When non-polar molecules contact with the polar solvent like water, there are increased degree of solvent molecules order surrounding the hydrophobic molecule. Therefore, the dissolution of the non-polar molecules in polar solvents cannot occur spontaneously.

However, once two or more non-polar molecules are in the polar environment, the hydrophobic surfaces of macro-molecules will hide from the polar surrounding, then the hydrophobic molecules will aggregate spontaneously.

Surface Tension Theory

The hydrophobic interaction in HIC is dependent on surface tension theory between proteins and immobilized ligands. These forces (van der Waals forces) will increase as the ordered structure of water increases in salting-out conditions.

HIC Applications

Hydrophobic interaction chromatography (HIC) is a versatile technology for capturing, intermediate purification, or polishing. HIC provides the selectivity, which is unavailable with affinity or IEX resins. It is suitable for purification of a wide range of molecules.

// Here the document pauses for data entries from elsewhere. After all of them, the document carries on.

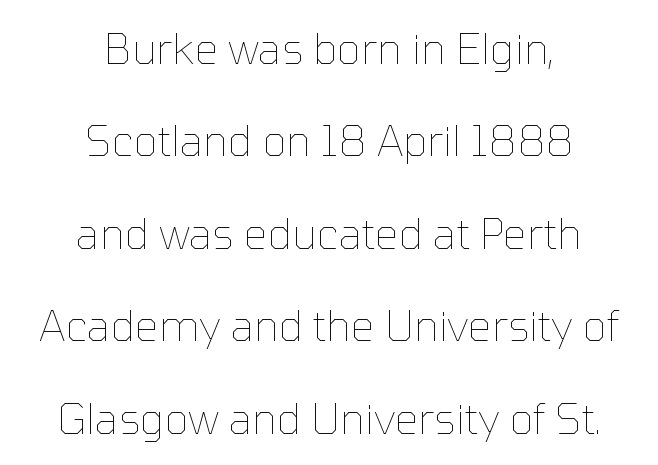
The image shows 42 px thin type, upright; set centered, loose line spacing (2.2x), normal letter spacing, not underlined; low stroke contrast and a medium x-height.
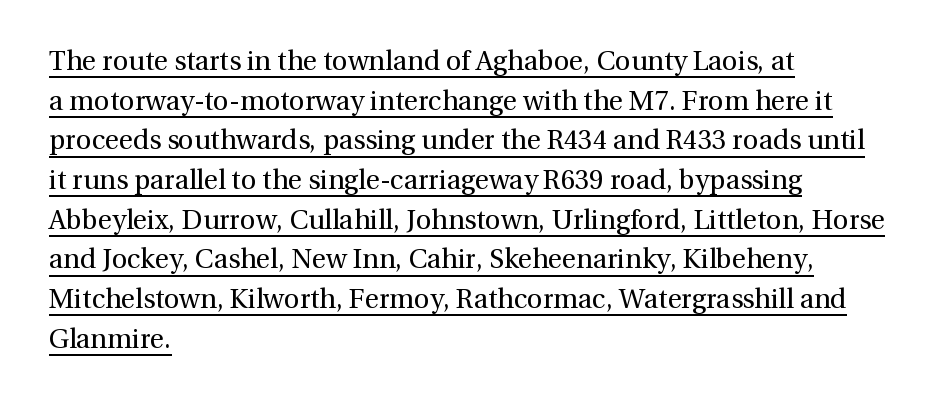
The image shows 27 px text type, upright; set left-aligned, normal line spacing (1.47x), normal letter spacing, underlined.
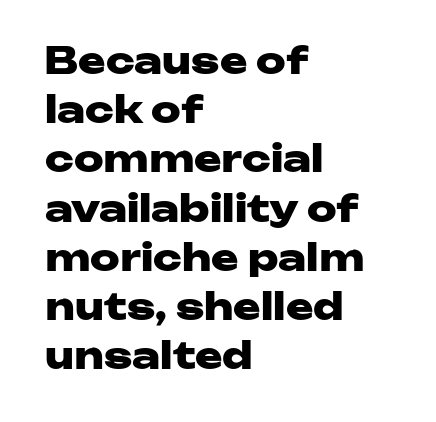
Q: Is the text bold? A: Yes.
Q: Is the text italic (slanted)? A: No, it is upright.
Q: Is the typeface a serif or a sans-serif typeface? A: Sans-serif.
Q: Is the text underlined? A: No.
Q: How is the paragraph aligned? A: Left-aligned.
Q: Is the spacing between letters normal or unusually wide? A: Normal.
Q: Is the spacing between lines tight, normal or loose? A: Normal.
Q: Width (condensed, normal, or wide)? A: Wide.
Q: Stroke contrast? A: Low.
Q: x-height? A: Medium.
Q: Monospaced? A: No.
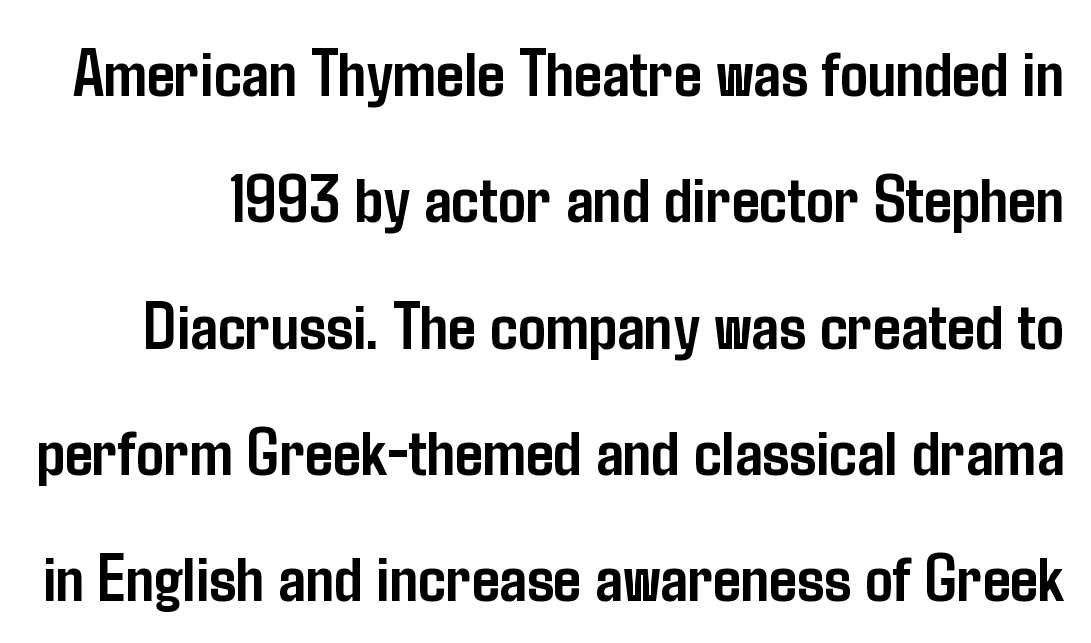
The image shows 69 px semibold, condensed sans-serif type, upright; set line spacing 1.83x, normal letter spacing, not underlined; low stroke contrast and a medium x-height.
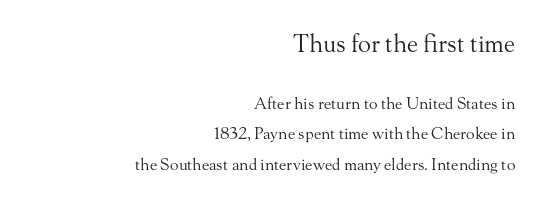
The earlier block is typeset at a bigger size than the later block. Each word holds together tightly as a unit, with standard inter-letter gaps. How would I describe the line gaps? Wide and relaxed. The font's upright variant was chosen for this text. Quick note: underline off. In CSS terms this would be text-align: right.
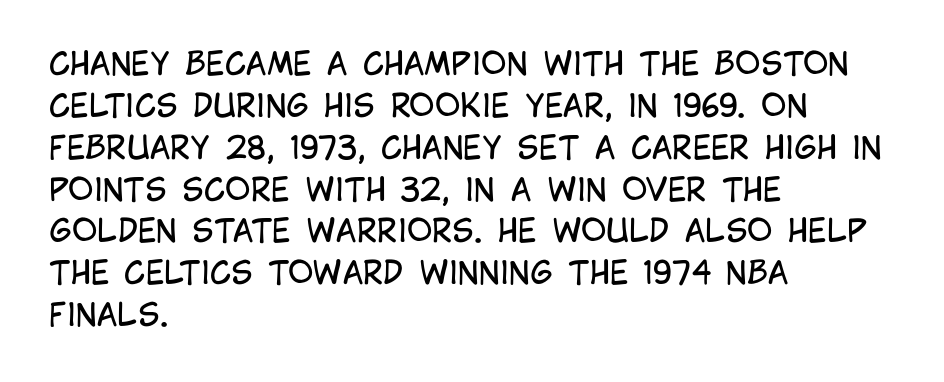
{"serif": "no", "italic": "no", "bold": "no", "weight": "regular", "width": "condensed", "stroke_contrast": "low", "x_height": "large", "monospaced": "no", "underline": "no", "align": "left", "line_spacing": "normal", "line_spacing_ratio": 1.35, "letter_spacing": "normal", "letter_spacing_em": 0.0, "glyph_px": 31}

HIC-Antibody Drug Conjugate

HIC is a valuable tool for protein purification, it is applied in protein purification over a wide range in both analytical and preparatory applications. It also can remove various impurities in the solution.

General Considerations

Hydrophobic interaction chromatography (HIC) is the most popular methods for separating and purifying proteins. HIC is quire useful in isolating protein complexes and in studying protein folding and unfolding. There are different factors influence the results in hydrophobic interaction chromatography, like ligand, matrix, salt concentration, pH, temperature.

HIC Principle

The principle of protein adsorption in HIC is complementary to ion exchange and size exclusion chromatography. Proteins with different degrees of surface hydro-phobicity are seperated by HIC, the proteins bind to hydrophobic ligand in buffers with high salt concentration. Once the ionic strength reduce, the interaction is reversed. Finally, the protein with the lowest hydrophobicity is eluted firstly, the most hydrophobic protein elutes lastly.

Ligand

The type of immobilized ligands determine the adsorption behavior of proteins. Normally, straight chain alkyl ligands show hydrophobic character, while aryl ligands demonstrate mixed mode behavior with both aromatic and hydrophobic interactions. In actual purification, the selection of ligand types is empirically determined.

Substitution Degree

The protein binding capacity will increase with the improved substitution degree of the immobilized ligand. The high level of ligand substitution remain the binding capacity constantly, and increase the affinity of interaction. However, bound proteins in these conditions are difficult to elute.

HIC separation feature

Matrix

The most common support in HIC are hydrophilic carbohydrates, cross-linked agarose and synthetic copolymer materials. Even with the same ligands, the selectivity between different supports are identical. Once move one media to another, adsorption and elution conditions need to modify for achievement of similar results.

Salt Concentration

The addition of structured salts in equilibration buffer and sample can promote ligand-protein interactions in HIC. However, as salt concentration increases, the amount of bound proteins increases, and the risk of protein precipitation increases at the high ionic strength.

pH Range

The HIC mobile phases are normally in the neutral pH range from 5 to 7 with buffers of sodium or potassium phosphate. The interaction strength between proteins and media will decrease with pH increasing, this effect varies from different protein types. Therefore, pH can impact the protein binding levels and medial selectivity, but no significant effect over moderate ranges.

Temperature

The hydrophobic affinity of interaction increases with temperature, it also can impact protein structure, solubility, interaction with HIC matrix. Since the temperature effects are difficult to predict, it is not utilized to modulate separation in HIC.